- Watershed of Nottaway River

Location
- Country: Canada
- Province: Quebec
- Region: Abitibi-Témiscamingue

Physical characteristics
- Source: Unidentified Lake
- • location: Senneterre, La Vallée-de-l'Or Regional County Municipality (RCM), Abitibi-Témiscamingue, Quebec
- • coordinates: 48°38′29″N 76°08′35″W﻿ / ﻿48.64139°N 76.14306°W
- • elevation: 399 m (1,309 ft)
- Mouth: Mégiscane River, Girouard Lake
- • location: Senneterre, La Vallée-de-l'Or Regional County Municipality, Abitibi-Témiscamingue, Quebec
- • coordinates: 48°33′10″N 76°15′30″W﻿ / ﻿48.55278°N 76.25833°W
- • elevation: 399 m (1,309 ft)
- Length: 21.9 km (13.6 mi)

= Achepabanca River North-East =

The Achepabanca River Northeast is a tributary of the Achepabanca River, flowing into the northeastern part of Senneterre within La Vallée-de-l'Or Regional County Municipality (RCM), in the administrative region of Abitibi-Témiscamingue, in Quebec, in Canada.

The course of the river successively crosses the townships of Maricourt and Berthelot.
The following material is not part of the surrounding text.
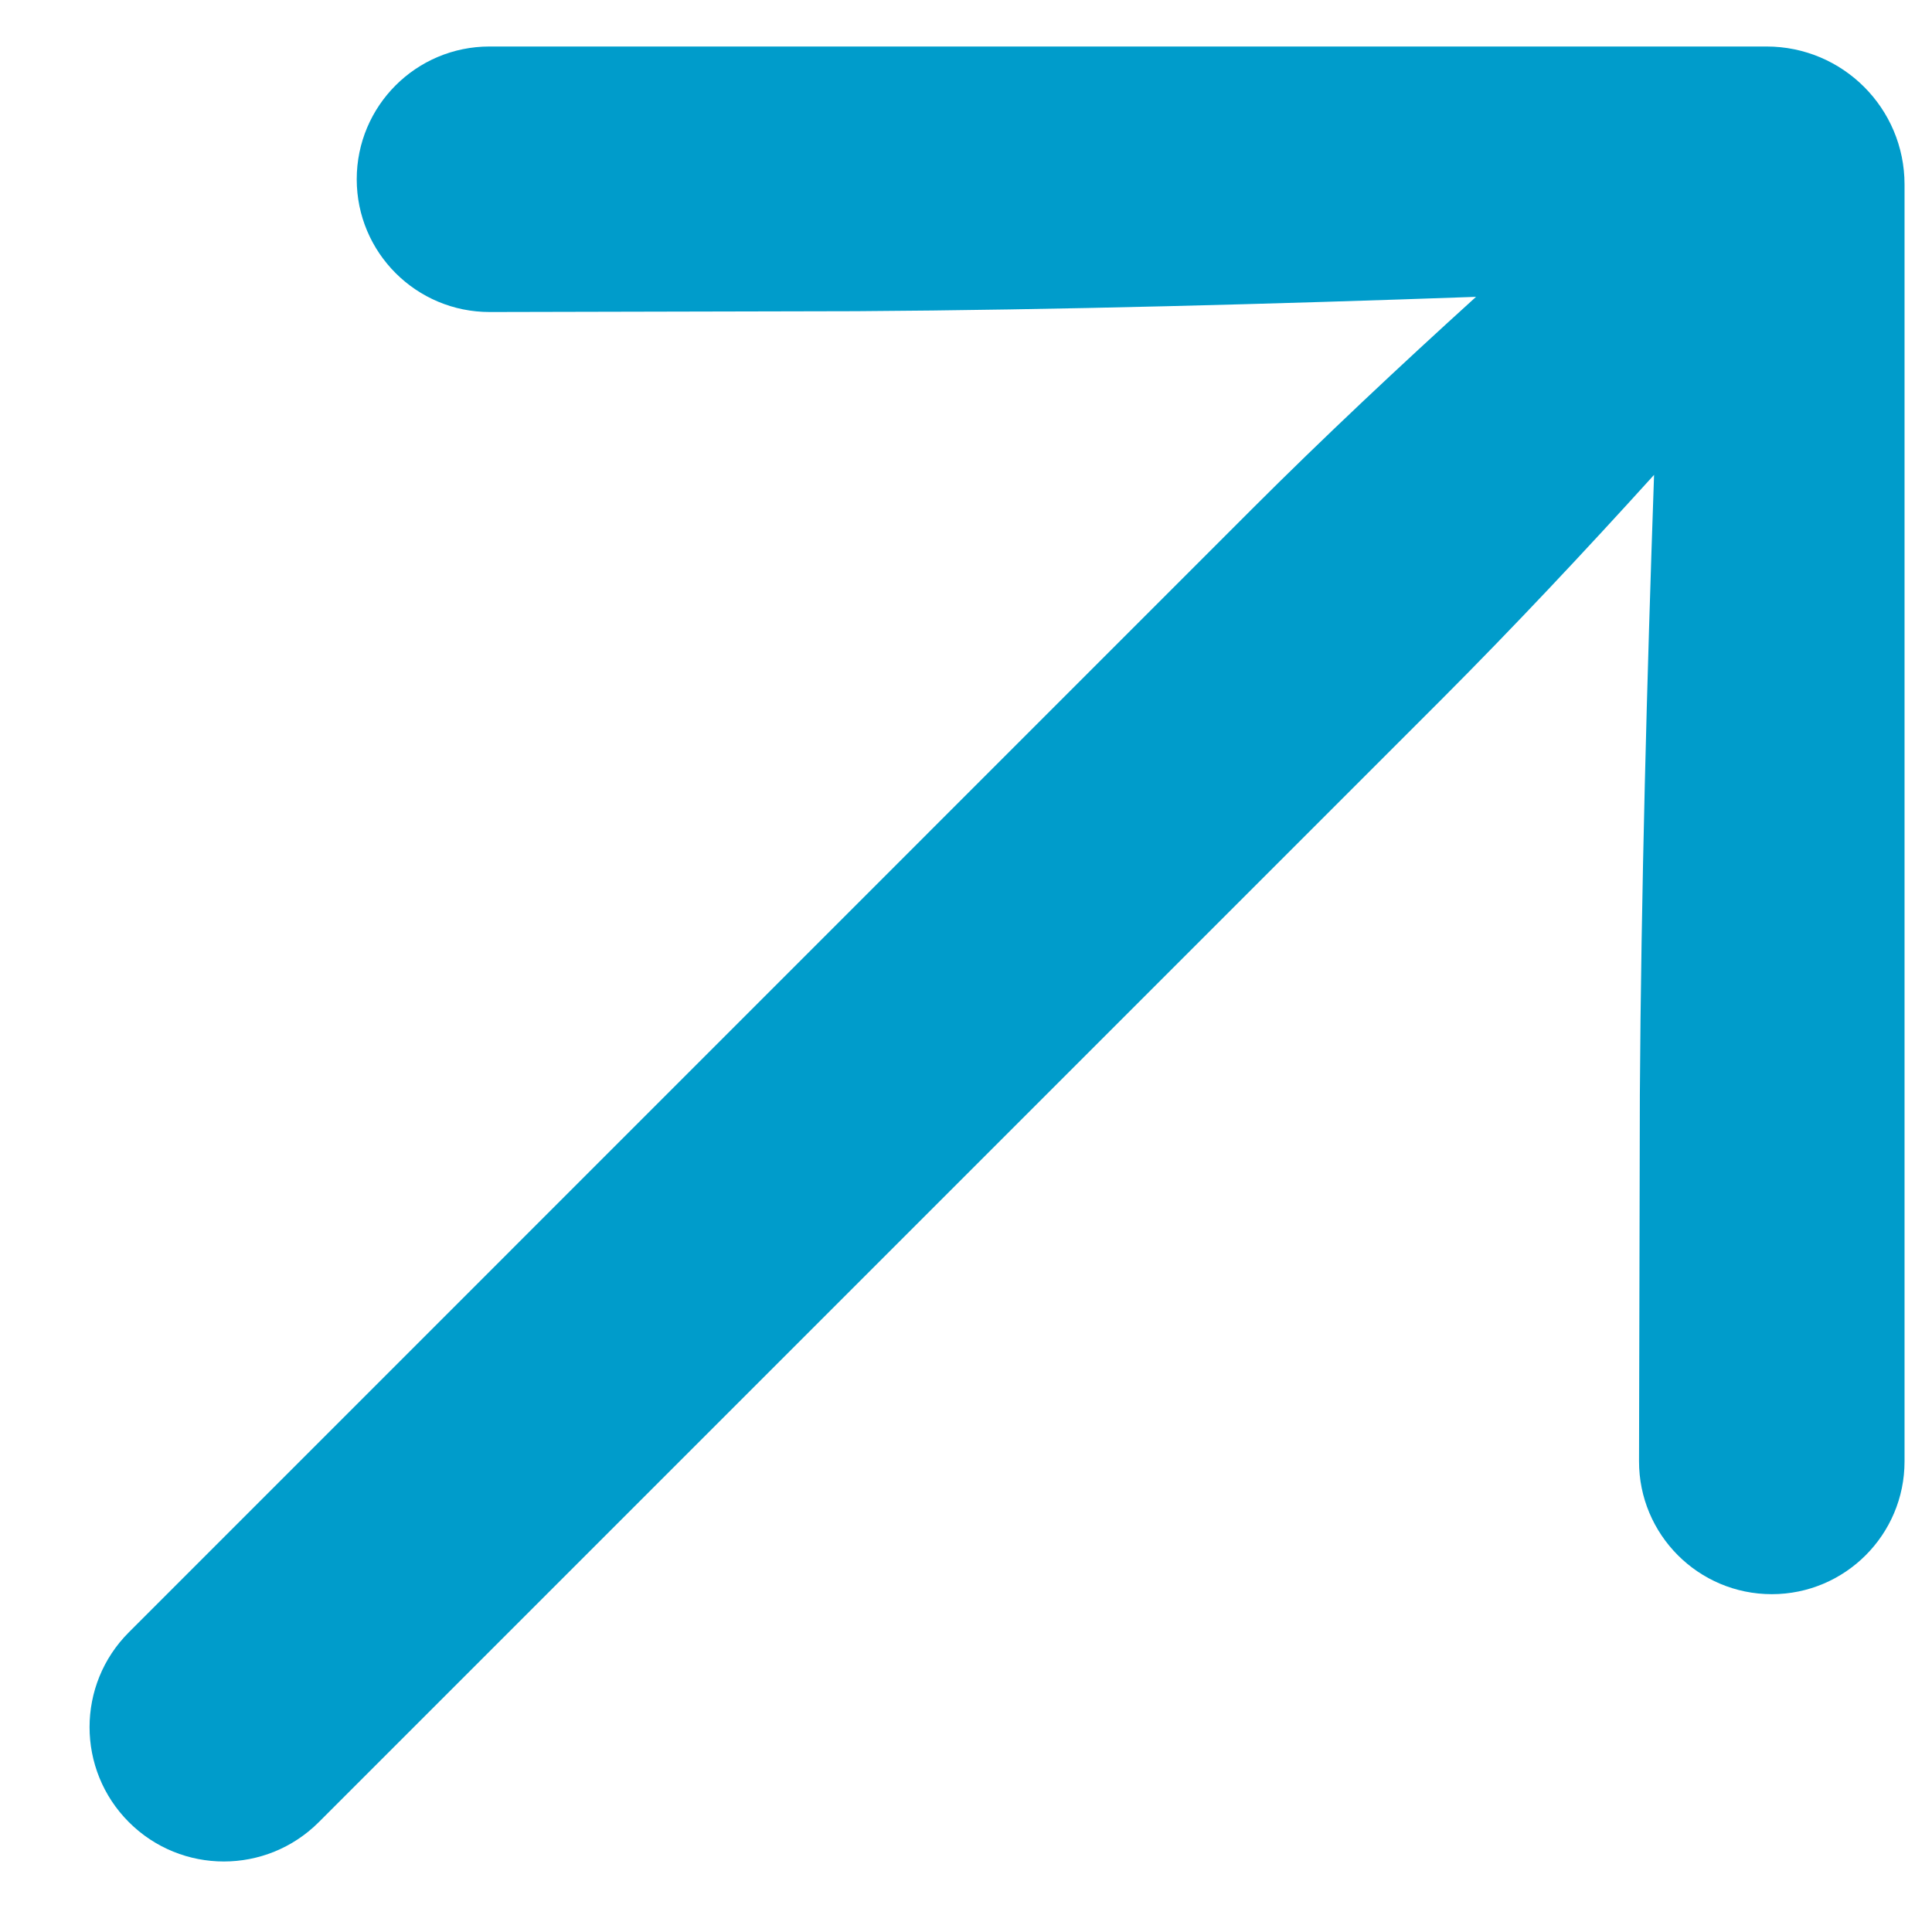 <?xml version="1.0" encoding="UTF-8"?> <svg xmlns="http://www.w3.org/2000/svg" width="14" height="14" viewBox="0 0 14 14" fill="none"><path d="M13.801 10.59C13.801 11.121 13.37 11.552 12.839 11.552V11.552C12.307 11.552 11.876 11.12 11.877 10.588L11.883 7.931C11.892 6.478 11.935 4.904 11.986 3.441C11.487 3.992 10.971 4.542 10.447 5.067L2.31 13.204C1.93 13.584 1.314 13.584 0.934 13.204V13.204C0.554 12.824 0.554 12.207 0.934 11.828L9.07 3.691C9.595 3.166 10.146 2.65 10.696 2.151C9.234 2.203 7.66 2.246 6.206 2.255L3.55 2.261C3.017 2.262 2.585 1.831 2.585 1.299V1.299C2.585 0.767 3.016 0.337 3.547 0.337H12.801C13.353 0.337 13.801 0.784 13.801 1.337V10.59Z" fill="#009CCB"></path></svg>

Its confluence is at the limit of the townships Girouard and Berthelot.

The Northeastern Achepabanca River runs entirely on forest land on the west side of the Gouin Reservoir. Forestry is the main economic activity of this hydrographic slope; recreational tourism activities, second. The surface of the river is usually frozen from the beginning of December to the end of April. The hydrographic slope of the Northeastern Achepabanca River is served by the R0808 forest road which passes on the north side.

== Geography ==

The Northeastern Achepabanca River originates near the northern limit of the Abitibi-Témiscamingue administrative region, at the mouth of the unidentified lake (length: 0.8 km; elevation: 399 m). This head lake is enclosed by three mountains whose peaks reach 490 m in the North, 473 m in the South and 470 m.

This source of the river is located at:
- 0.5 km north-west of the R0808 road, which runs south-east of Achepabanca Lake and intersects the upper reaches of the Achepabanca Northeast River;
- 13.0 km north-east of the confluence of the Achepabanca River Northeast with the Mégiscane River;
- 75.7 km north-east of the confluence of the Mégiscane River with Parent Lake (Abitibi);
- 85.9 km north-east of downtown Senneterre;
- 49.9 km north of the Forsythe Railway Stop at the Canadian National Railway.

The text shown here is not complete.